Work request: Look through the entries below and return all lines including the word "gradientUnits".

Records provided:
════════════════════

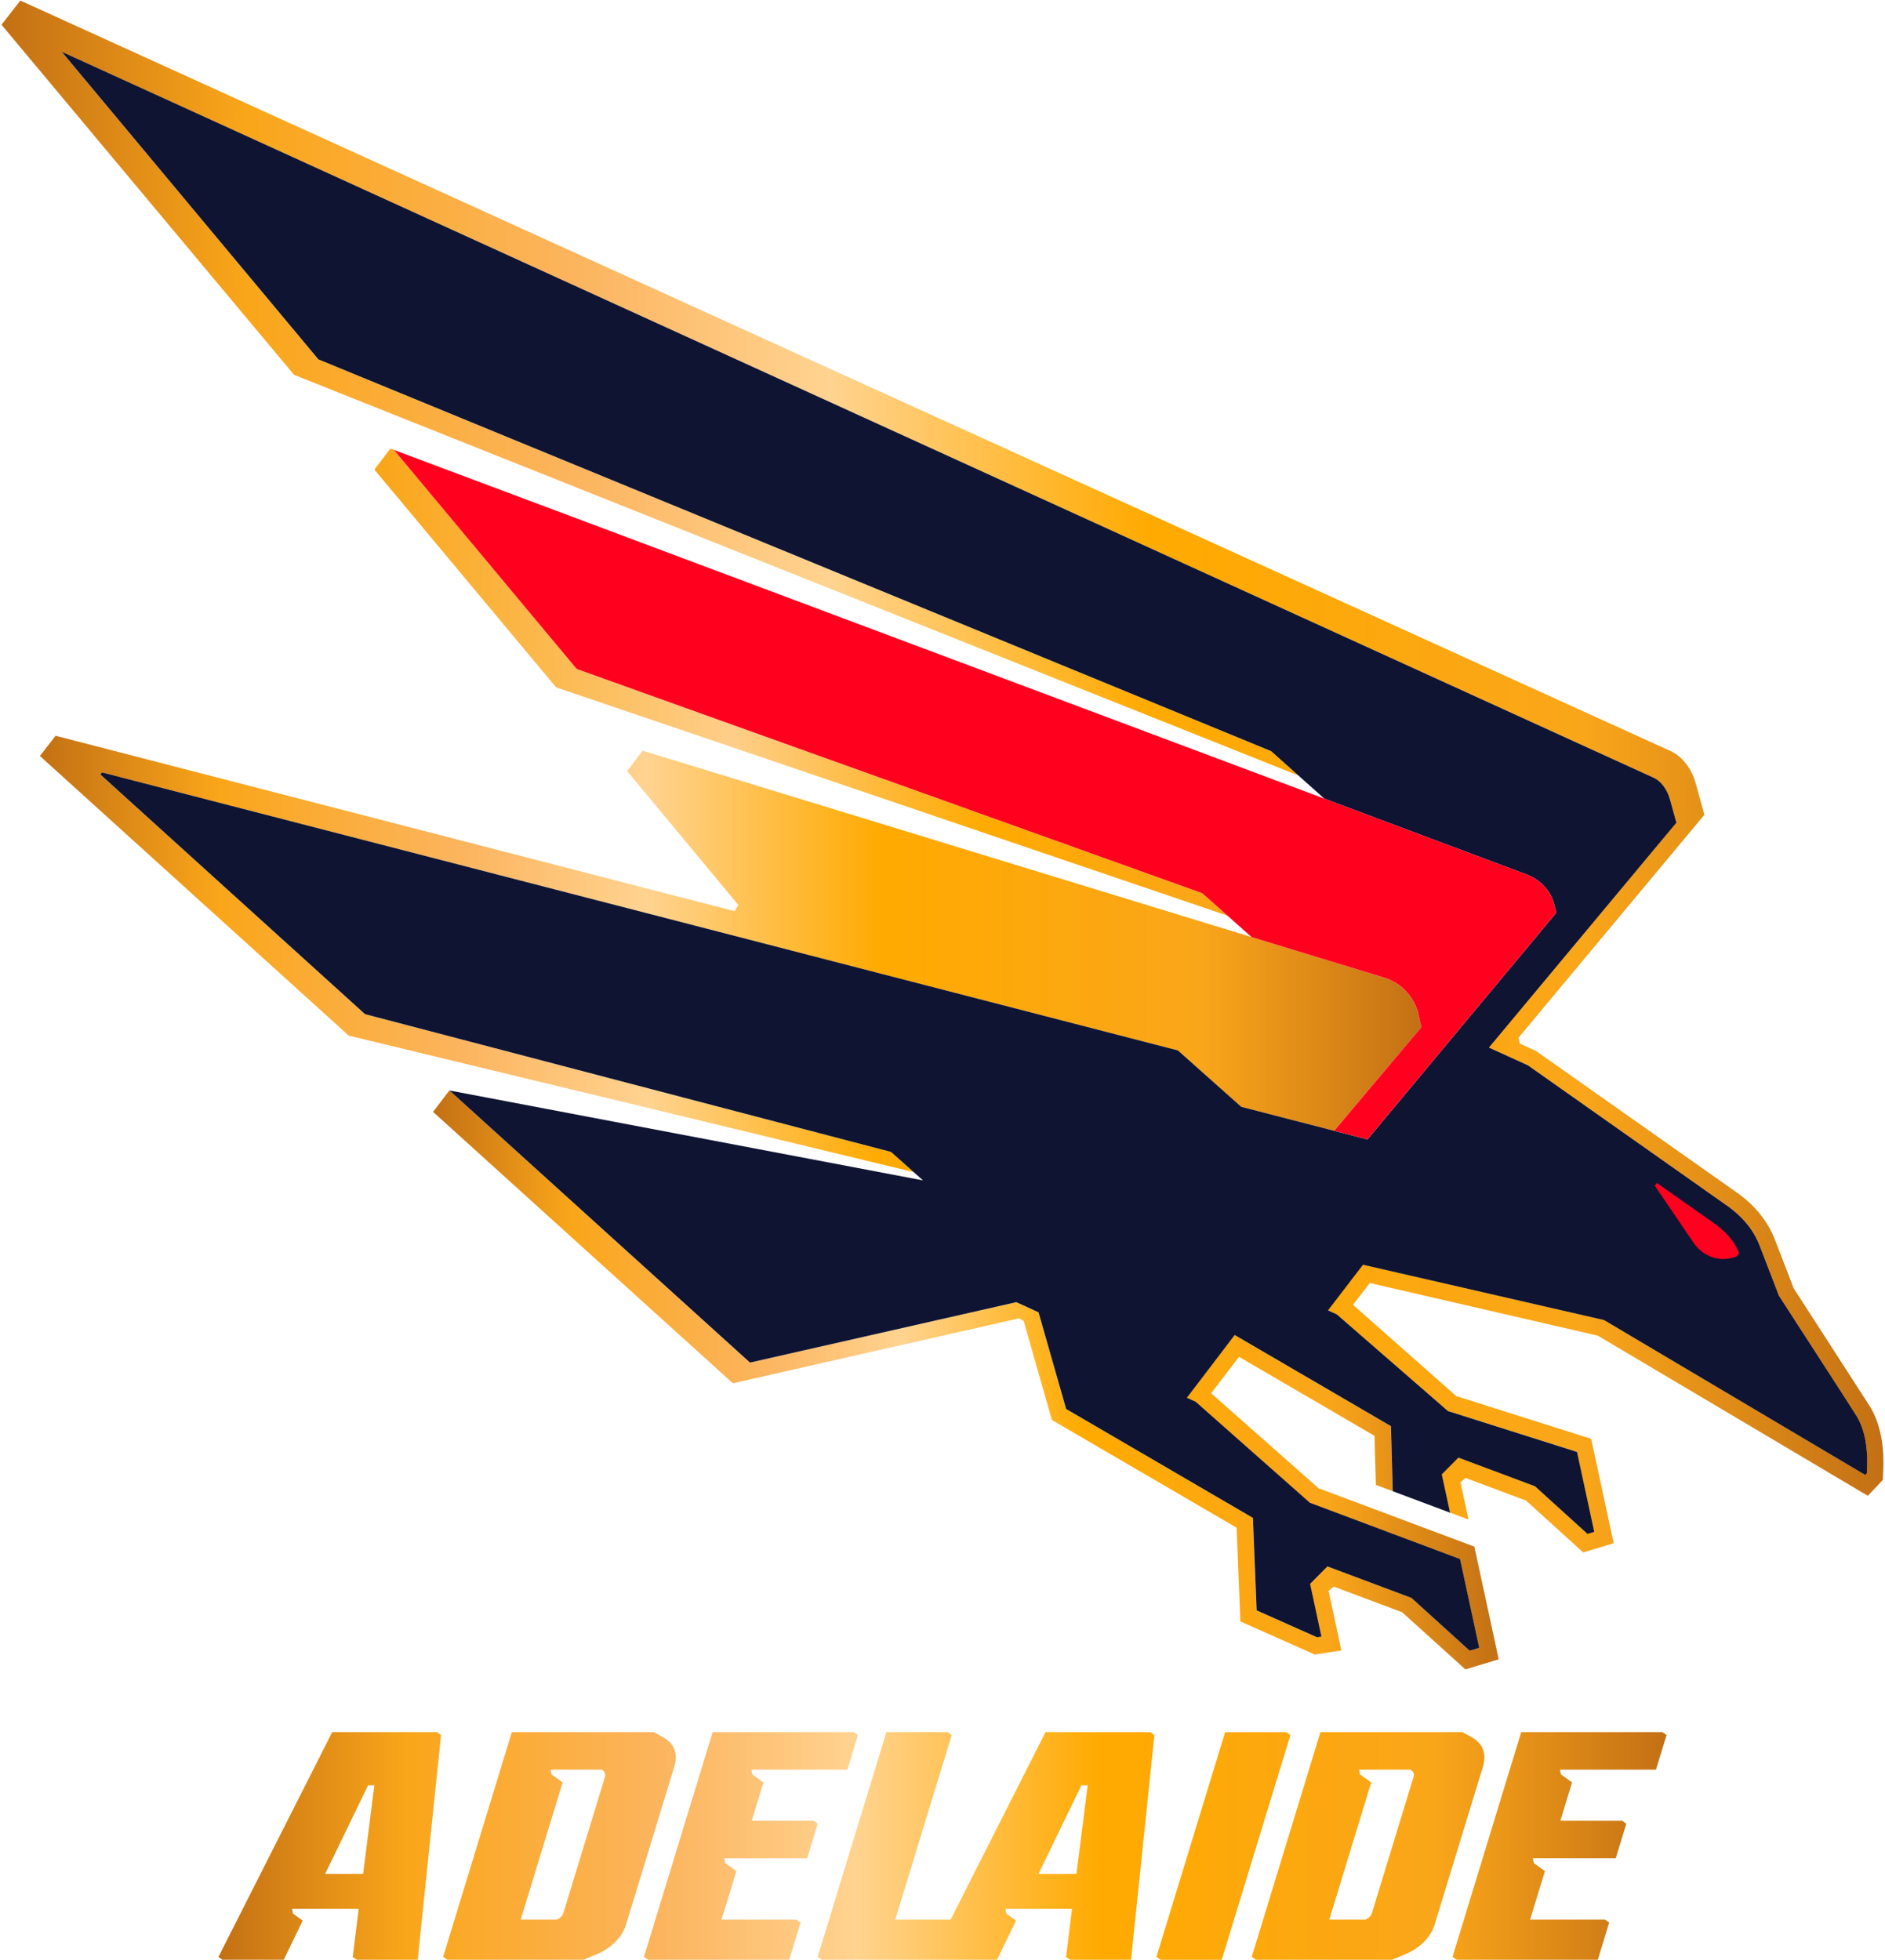 <?xml version="1.0" encoding="UTF-8"?>
<svg xmlns="http://www.w3.org/2000/svg" width="704" height="732" viewBox="0 0 704 732" fill="none">
  <path d="M449.02 333.54L215.39 249.79L147.14 168.02L145.79 167.51L139.83 175.35L207.67 256.65L458.44 341.92L449.02 333.54Z" fill="url(#paint0_linear_14_47)"></path>
  <path d="M513.34 536.15L513.85 554.47L520.14 556.82L519.46 532.53L461.11 498.51L443.27 521.93L446.54 523.42L489.19 561.13L545.28 582.15L552.44 615.31L548.85 616.4L527.12 596.68L495.75 584.93L489.29 591.44L493.52 611.14L491.89 611.39L469.3 601.34L467.92 566.79L398.15 526.12L387.85 490.04L379.54 486.25L280.08 508.81L167.83 407.19L161.74 415.19L273.71 516.53L380.63 492.27L382.31 493.27L392.86 530.23L461.84 570.45L463.25 605.45L491.03 617.81L500.97 616.28L496.21 594.07L498.1 592.44L523.66 602.02L547.28 623.36L559.73 619.61L550.64 577.53L492.45 555.72L452.34 520.26L462.73 506.65L513.34 536.15Z" fill="url(#paint1_linear_14_47)"></path>
  <path d="M14.9 282.29L130.24 386.71L341.23 437.68L332.75 430.14L136.3 378.69L37.46 289.2L38.05 288.42L439.89 392.23L463.55 413.29L498.28 422.26L530.82 383.58L529.63 378.31C527.79 371.27 522.5 366.75 516.9 365.05L240 280.31L234.21 287.93L275.76 337.94L274.31 340.22L20.77 274.74L14.89 282.29H14.9Z" fill="url(#paint2_linear_14_47)"></path>
  <path d="M698.65 525.62L669.88 481.03L662.9 462.91C659.11 453.17 651.97 447.75 649.6 445.96L573.7 392.47L567.63 389.7L567.13 387.5L636.55 304.25L633.31 292.53C631.77 286.95 628.26 282.44 623.92 280.45L7.59 0.21L0.56 9.24L109.83 139.97L484.95 289.59L474.74 280.5L118.91 134.2L23.05 19.33L617.68 290.44C620.2 291.59 622.62 294.6 623.71 298.56L626.1 307.19L556.09 391.16L570.64 397.79L645.89 450.82C649.4 453.48 654.36 457.84 657.19 465.13L664.39 483.82C664.39 483.82 692.43 527.16 693.34 528.66C697.87 536.22 697.42 545.69 697.19 550.08L696.58 550.72L599.03 492.88L509.02 472.23L495.96 489.26L499.23 490.75L540.74 526.85L588.95 542.12L595.39 571.97L592.85 572.73L573.25 554.95L544.65 544.25L538.45 550.5L541.54 564.81L548.46 567.4L545.46 553.51L547.35 551.88L569.96 560.34L591.28 579.68L602.67 576.25L594.26 537.27L543.86 521.31L505.32 487.23L511.58 479.08L596.75 498.75L697.59 558.54L703.17 552.64L703.29 550.39C703.51 546.19 704.1 535.02 698.64 525.59L698.65 525.62Z" fill="url(#paint3_linear_14_47)"></path>
  <path d="M693.34 528.67C692.44 527.16 664.39 483.83 664.39 483.83L657.19 465.14C655.49 460.77 653.15 457.81 651.79 456.25C649.76 453.92 647.64 452.16 645.89 450.83L570.64 397.8L556.09 391.17L626.1 307.2L623.71 298.57C622.62 294.61 620.2 291.59 617.68 290.45L23.05 19.32L118.91 134.19L474.74 280.49L494.6 298.21L570.01 326.47C574.9 328.24 578.79 332.14 580.29 337.12L581.26 340.81L510.73 425.47L463.57 413.29L439.91 392.23L38.07 288.42L37.48 289.2L136.32 378.69L332.77 430.14L344.72 440.77L167.85 407.19L280.1 508.8L379.56 486.24L387.87 490.03L398.17 526.12L467.93 566.79L469.32 601.33L491.9 611.38L493.53 611.13L489.3 591.43L495.76 584.92L527.14 596.68L548.87 616.39L552.46 615.31L545.3 582.15L489.21 561.13L446.56 523.42L443.29 521.93L461.13 498.51L519.48 532.53L520.16 556.83L541.57 564.85L538.48 550.54L544.68 544.29L573.28 554.99L592.88 572.77L595.42 572.01L588.98 542.16L540.77 526.89L499.26 490.79L495.99 489.3L509.05 472.27L599.06 492.92L696.61 550.76L697.22 550.12C697.28 549.02 697.35 547.61 697.35 545.98C697.36 541.11 696.77 534.36 693.37 528.7L693.34 528.67Z" fill="#0F1432"></path>
  <path d="M649.52 467.96L648.6 469.18C646.92 469.81 645.25 470.13 643.6 470.13C638.2 470.13 634.27 466.74 632.58 464.17L618.02 442.75L618.8 441.72L641.06 457.41C643.94 459.6 647.47 462.78 649.52 467.96ZM580.29 337.12C578.79 332.14 574.9 328.24 570.01 326.47L147.14 168.02L215.38 249.79L449.02 333.53L467.44 349.92L516.91 365.04C523.09 366.92 527.9 371.83 529.58 378.07L530.83 383.57L498.29 422.25L510.72 425.46L581.25 340.8L580.28 337.11L580.29 337.12Z" fill="#FF001E"></path>
  <path d="M124.08 646.78L81.59 730.72L83.05 731.79H105.97L113.06 717.17L109.43 714.56L109.09 712.79H133.96L131.74 730.75L133.22 731.79H156.01L164.72 647.93L163.25 646.78H124.08ZM135.63 699.72H121.44L137.47 666.66H139.81L135.62 699.72H135.63ZM481.94 647.9L456.29 731.8H433.43L431.91 730.69L457.56 646.79H480.43L481.95 647.9H481.94ZM620.89 646.78L622.41 647.89L618.47 660.8H582.62L582.96 662.57L587.13 665.58L582.76 679.88H605.87L607.39 680.99L603.44 693.9H572.49L572.83 695.67L577 698.68L571.46 716.8H599.47L600.99 717.91L596.75 731.78H544.01L542.49 730.67L568.14 646.77H620.88L620.89 646.78ZM549.52 648.63L546.16 646.78H493.15L467.5 730.68L469.02 731.79H519.88L524.43 729.92C530.27 727.53 534.32 723.49 535.84 718.54L553.82 659.74C555.32 654.82 553.84 650.98 549.52 648.63ZM527.86 663.74L512.44 714.17C512.12 715.22 511.64 715.95 510.05 716.75L509.94 716.81H496.45L512.11 665.59L507.94 662.58L507.6 660.81H526.8L526.94 660.91C528.16 661.81 528.2 662.66 527.87 663.75L527.86 663.74ZM390.48 646.78L355.03 716.81H334.36L355.43 647.89L353.91 646.78H331.04L305.39 730.68L306.91 731.79H372.37L379.46 717.17L375.83 714.56L375.49 712.79H400.36L398.15 730.75L399.63 731.79H422.42L431.13 647.93L429.66 646.78H390.49H390.48ZM402.04 699.72H387.85L403.88 666.66H406.22L402.03 699.72H402.04ZM301.46 693.91H270.51L270.85 695.68L275.02 698.69L269.48 716.81H297.49L299.01 717.92L294.77 731.79H242.03L240.51 730.68L266.16 646.78H318.9L320.42 647.89L316.47 660.8H280.62L280.96 662.57L285.13 665.58L280.76 679.88H303.87L305.39 680.99L301.45 693.9L301.46 693.91ZM247.53 648.63L244.17 646.78H191.16L165.51 730.68L167.03 731.79H217.89L222.44 729.92C228.28 727.53 232.33 723.49 233.85 718.54L251.82 659.74C253.32 654.82 251.84 650.98 247.52 648.63H247.53ZM225.88 663.74L210.46 714.17C210.14 715.22 209.67 715.95 208.07 716.75L207.96 716.81H194.47L210.13 665.59L205.96 662.58L205.61 660.81H224.81L224.95 660.91C226.17 661.81 226.21 662.66 225.88 663.75V663.74Z" fill="url(#paint4_linear_14_47)"></path>
  <defs>
    <linearGradient id="paint0_linear_14_47" x1="139.83" y1="254.72" x2="458.44" y2="254.72" gradientUnits="userSpaceOnUse">
      <stop offset="0.01" stop-color="#FAA61A"></stop>
      <stop offset="0.42" stop-color="#FECE89"></stop>
      <stop offset="0.72" stop-color="#FFAA00"></stop>
      <stop offset="1" stop-color="#FAA61A"></stop>
    </linearGradient>
    <linearGradient id="paint1_linear_14_47" x1="161.74" y1="515.28" x2="559.73" y2="515.28" gradientUnits="userSpaceOnUse">
      <stop stop-color="#C37015"></stop>
      <stop offset="0.13" stop-color="#FAA61A"></stop>
      <stop offset="0.31" stop-color="#FCB560"></stop>
      <stop offset="0.44" stop-color="#FFD390"></stop>
      <stop offset="0.61" stop-color="#FFAA00"></stop>
      <stop offset="0.84" stop-color="#FAA61A"></stop>
      <stop offset="1" stop-color="#C37015"></stop>
    </linearGradient>
    <linearGradient id="paint2_linear_14_47" x1="14.9" y1="356.21" x2="530.83" y2="356.21" gradientUnits="userSpaceOnUse">
      <stop stop-color="#C37015"></stop>
      <stop offset="0.13" stop-color="#FAA61A"></stop>
      <stop offset="0.31" stop-color="#FCB560"></stop>
      <stop offset="0.44" stop-color="#FFD390"></stop>
      <stop offset="0.61" stop-color="#FFAA00"></stop>
      <stop offset="0.84" stop-color="#FAA61A"></stop>
      <stop offset="1" stop-color="#C37015"></stop>
    </linearGradient>
    <linearGradient id="paint3_linear_14_47" x1="0.56" y1="289.96" x2="703.44" y2="289.96" gradientUnits="userSpaceOnUse">
      <stop stop-color="#C37015"></stop>
      <stop offset="0.13" stop-color="#FAA61A"></stop>
      <stop offset="0.31" stop-color="#FCB560"></stop>
      <stop offset="0.44" stop-color="#FFD390"></stop>
      <stop offset="0.61" stop-color="#FFAA00"></stop>
      <stop offset="0.84" stop-color="#FAA61A"></stop>
      <stop offset="1" stop-color="#C37015"></stop>
    </linearGradient>
    <linearGradient id="paint4_linear_14_47" x1="81.59" y1="689.29" x2="622.41" y2="689.29" gradientUnits="userSpaceOnUse">
      <stop stop-color="#C37015"></stop>
      <stop offset="0.13" stop-color="#FAA61A"></stop>
      <stop offset="0.31" stop-color="#FCB560"></stop>
      <stop offset="0.44" stop-color="#FFD390"></stop>
      <stop offset="0.61" stop-color="#FFAA00"></stop>
      <stop offset="0.84" stop-color="#FAA61A"></stop>
      <stop offset="1" stop-color="#C37015"></stop>
    </linearGradient>
  </defs>
</svg>

════════════════════

Result of this task:
    <linearGradient id="paint0_linear_14_47" x1="139.83" y1="254.72" x2="458.44" y2="254.72" gradientUnits="userSpaceOnUse">
    <linearGradient id="paint1_linear_14_47" x1="161.74" y1="515.28" x2="559.73" y2="515.28" gradientUnits="userSpaceOnUse">
    <linearGradient id="paint2_linear_14_47" x1="14.9" y1="356.21" x2="530.83" y2="356.21" gradientUnits="userSpaceOnUse">
    <linearGradient id="paint3_linear_14_47" x1="0.56" y1="289.96" x2="703.44" y2="289.96" gradientUnits="userSpaceOnUse">
    <linearGradient id="paint4_linear_14_47" x1="81.59" y1="689.29" x2="622.41" y2="689.29" gradientUnits="userSpaceOnUse">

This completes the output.